The man shot and killed by an officer after stabbing multiple people at a Westfield shopping centre in Sydney’s Bondi Junction was known to police.
Details of the attack were confirmed in a late press conference on Saturday night by NSW Police Commissioner Karen Webb.
Police confirmed six people were killed in the attack. Five died at the shopping centre and one victim at hospital.
Webb said most of those killed were women.
Webb confirmed the attacker was “known to the police,” and revealed he was 40-years-old, but stopped short of naming him until formal identification was completed.
“Let me assure you that we are confident that there is no ongoing risk and we are dealing with one person who is now deceased,” she said.
The shopping centre will remain closed while police process the crime scenes.
Webb reiterated what many of her colleagues and peers said earlier in the day, that it was “too early” to establish a motive.
There was no indication at this time it was an act of terrorism, she said.
Webb said the police “don’t have fears for that person holding an ideation, in other words, that it’s not a terrorism incident.”
Major incident
The major incident was declared in the aftermath of the incident on Saturday afternoon, with paramedics treating stab wound victims at the scene.
NSW Ambulance said nine people were taken to hospital with stabwounds, including a nine-month old baby.
The baby received surgery, according to Webb.
Those in hospital are in a serious or critical condition.
“From preliminary inquiries it would appear that this person has acted alone,” NSW Police Assistant Commissioner Anthony Cooke told the media on Saturday, noting that enquiries were new and police were still attempting to identify the offender.
“I do not have information in relation to the offender. I do not know at this stage who he is.”
Cooke added that there was nothing on the scene to indicate any motive or any ideology, but said police were not ruling out terrorism.
Credit: Photo by DAVID GRAY/AFP via Getty Images
A single officer
The offender entered the shopping centre just after 3pm, left shortly thereafter, then returned about 10 minutes later and “engaged with about nine people”.
A single female police officer who was nearby attended the scene and “immediately” engaged with the offender, Cooke said, confronting him on level 5 from behind.
Cooke said the man turned to the officer, raised a knife before she “discharged a firearm”, killing him.
That officer’s actions saved a number of people’s lives, he added.
“Our hearts go out to all of [the victims], as they do to anyone touched by this terrible incident,” Cooke said, later adding that he had never seen anything like this incident.
Families walk out of the Westfield Bondi Junction shopping mall after a stabbing incident in Sydney on 13 April, 2024. Source: Getty / David Gray
“A mass of people running”
SBS News presenter Ricardo Gonçalves was at the shopping centre when the incident took place.
“We saw people scurrying and then I heard what sounded like gunshots very close by – if I was to guess, 20 metres away,” Gonçalves told SBS News. “And then we just ran; we bolted with everyone else. There was this mass of people running… Hundreds.
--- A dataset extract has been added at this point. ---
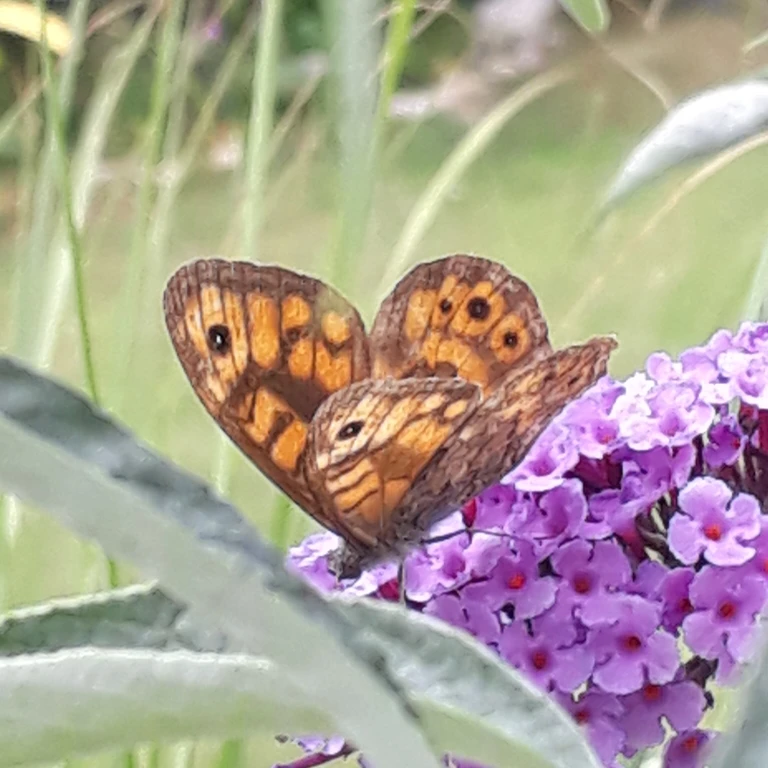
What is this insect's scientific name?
Lasiommata megera (also Pararge megera)

Everyone.”
Gonçalves said he had one thought in mind: “Just get to safety.”
About 20 minutes earlier, he added, he had heard what sounded like an argument with “a lot of screaming.”
“It sounded like someone was getting hurt,” he said.
Credit: Photo by DAVID GRAY/AFP via Getty Images
Shoppers hiding in stores
Domenico Gentile from SBS Audio’s Italian program was also at the shopping centre at the time.
“I was there when I heard these three shots, and I felt immediately the panic that followed and the shops closing down,” he told SBS News. “After that we all took refuge wherever we could, because there was no direction. There was no police at the time. I went into a Harris Farm.”
“We were evacuated and as soon as I got out, I immediately saw the massive presence of police, the ambulances and so on.”
Witnesses speaking to media reported the heroic actions of shop workers who took shoppers into their stores and locked the doors for safety.